• **Assigned task**:
Collect from the data below each line with "rect".

:: Data records ::

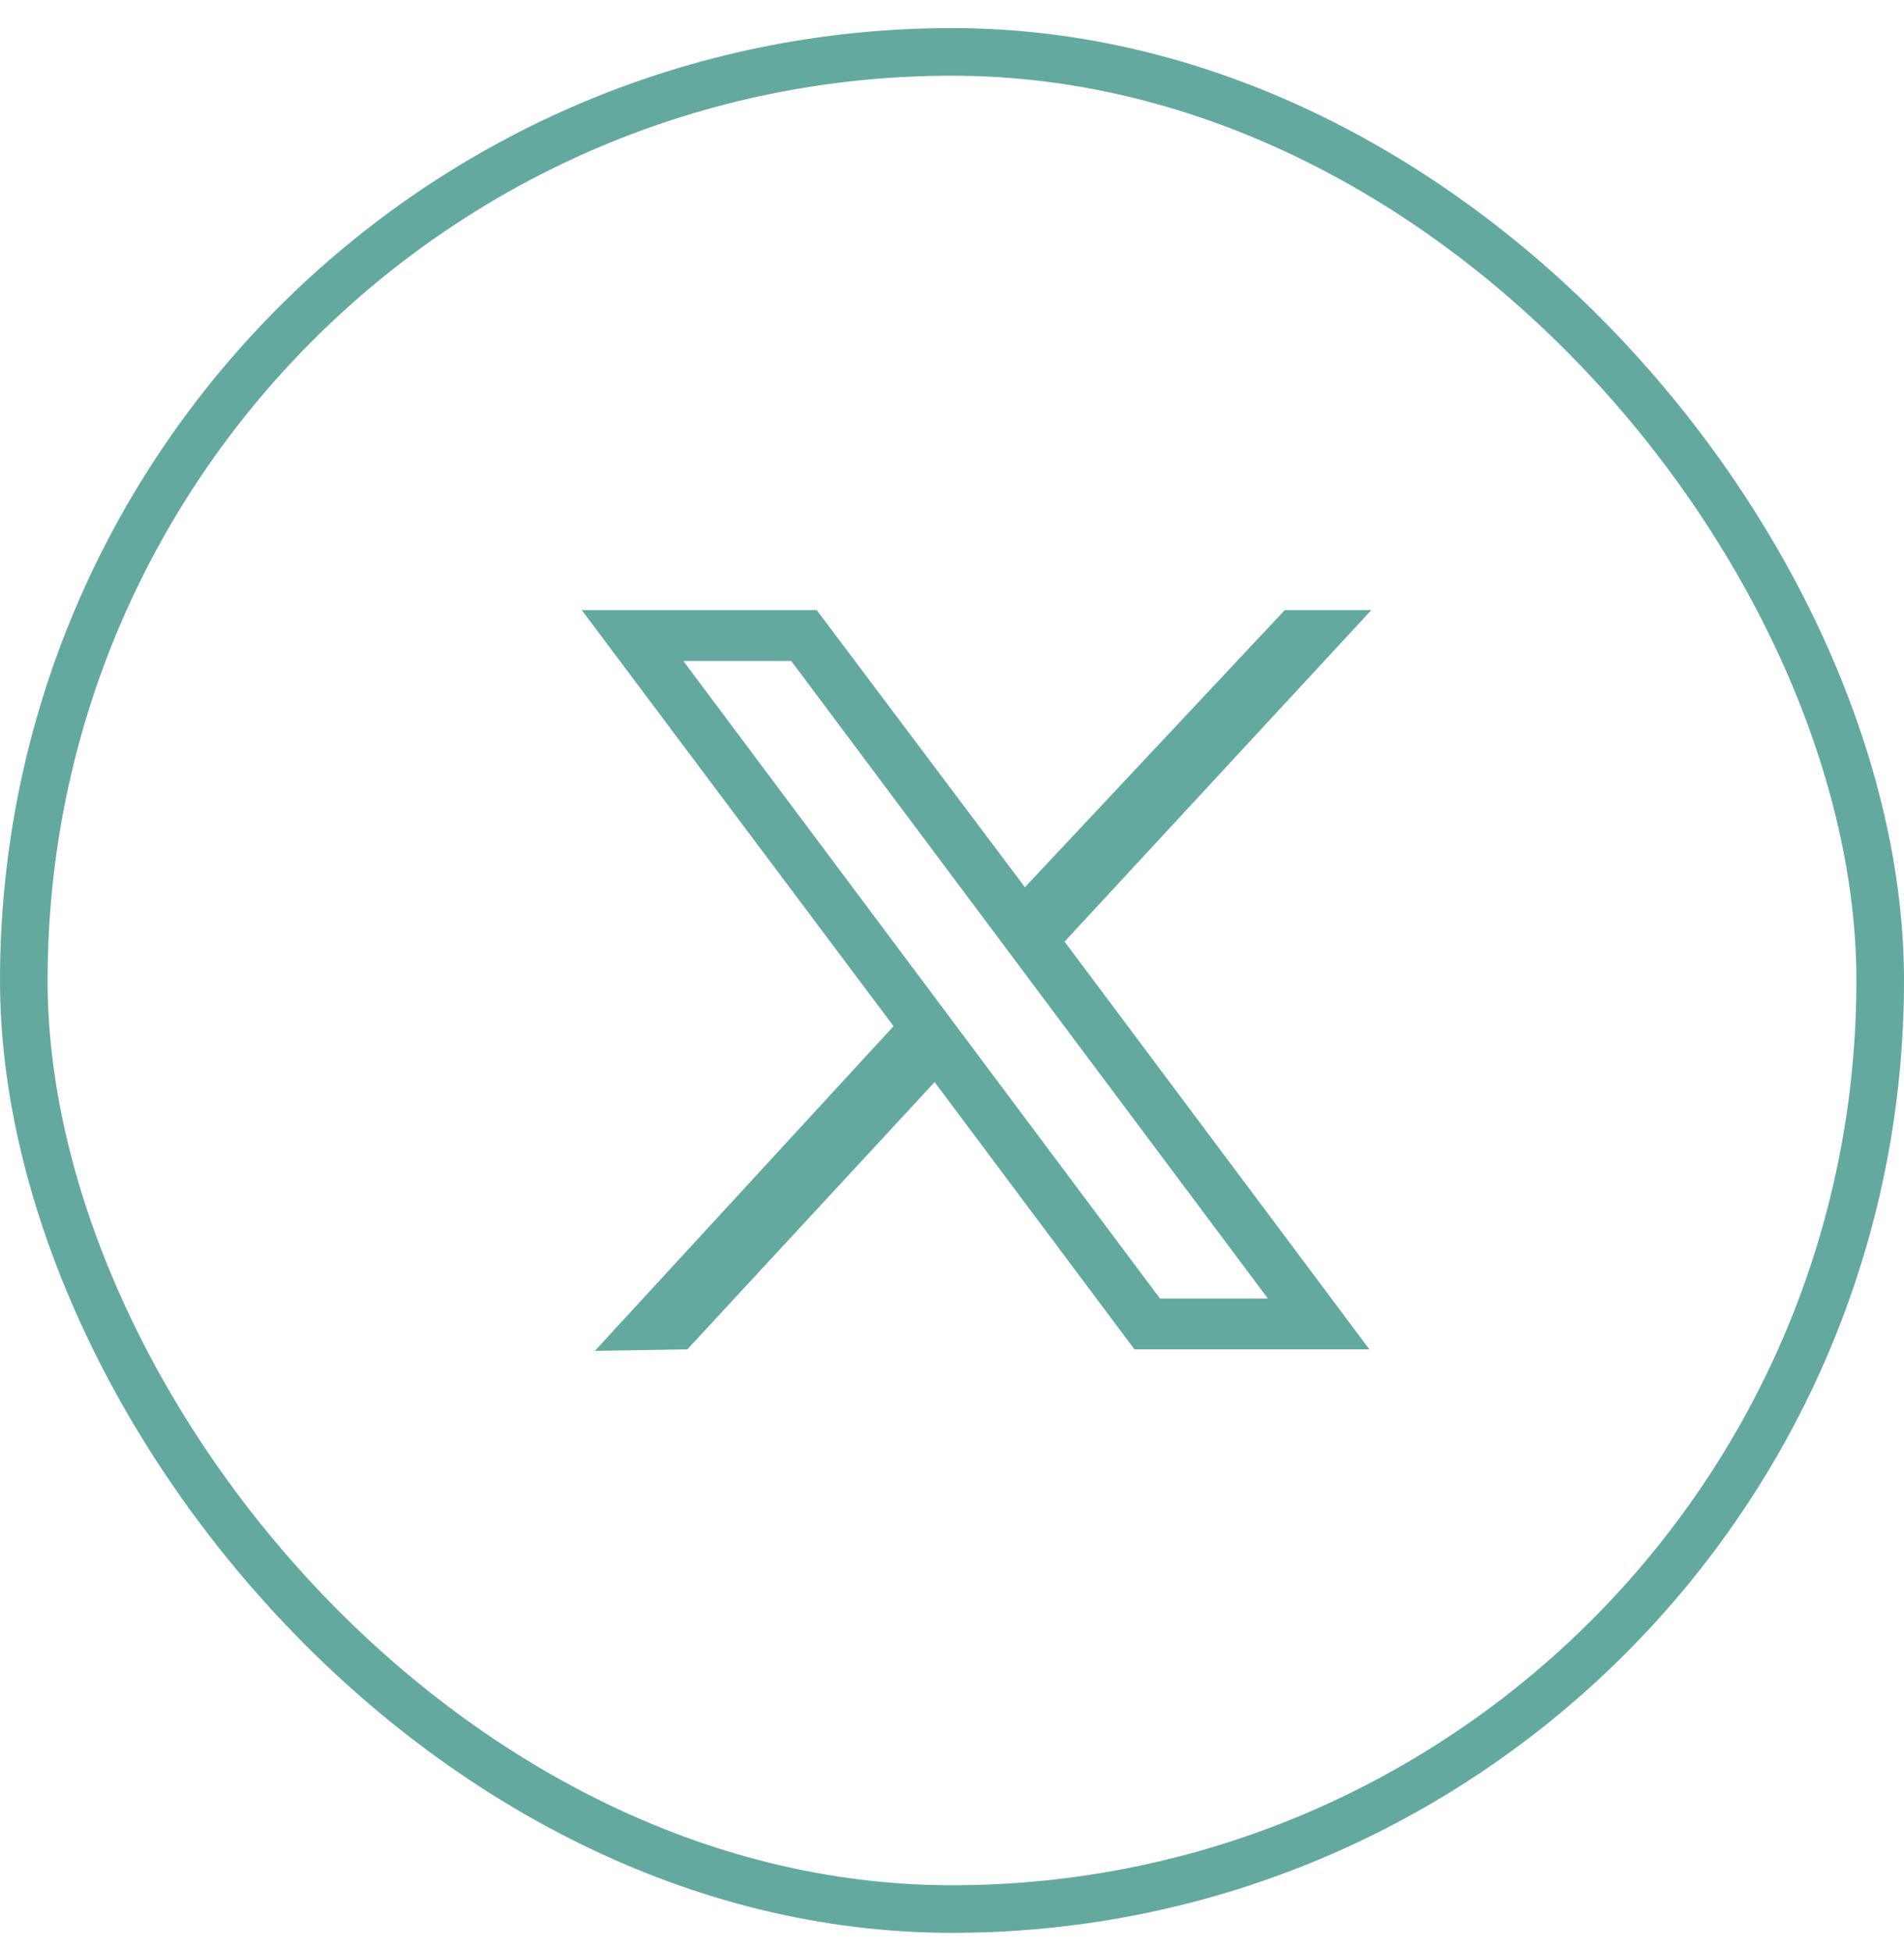 <svg width="40" height="41" viewBox="0 0 40 41" fill="none" xmlns="http://www.w3.org/2000/svg">
<rect x="0.5" y="1.09" width="39" height="39" rx="19.5" stroke="#64A9A0"/>
<g clip-path="url(#clip0_1045_2392)">
<path d="M28.769 28.337L22.365 19.774L28.81 12.812H26.991L21.532 18.632L17.158 12.812H12.222L18.772 21.55L12.497 28.368L14.439 28.337L19.635 22.724L23.833 28.337H28.769ZM26.636 27.269H24.369L14.356 13.881H16.623L26.636 27.269Z" fill="#64A9A0"/>
</g>
<defs>
<clipPath id="clip0_1045_2392">
<rect width="16.587" height="15.556" fill="white" transform="translate(12.222 12.812)"/>
</clipPath>
</defs>
</svg>

:::

• **Answer to the exercise**:
<rect x="0.5" y="1.09" width="39" height="39" rx="19.5" stroke="#64A9A0"/>
<rect width="16.587" height="15.556" fill="white" transform="translate(12.222 12.812)"/>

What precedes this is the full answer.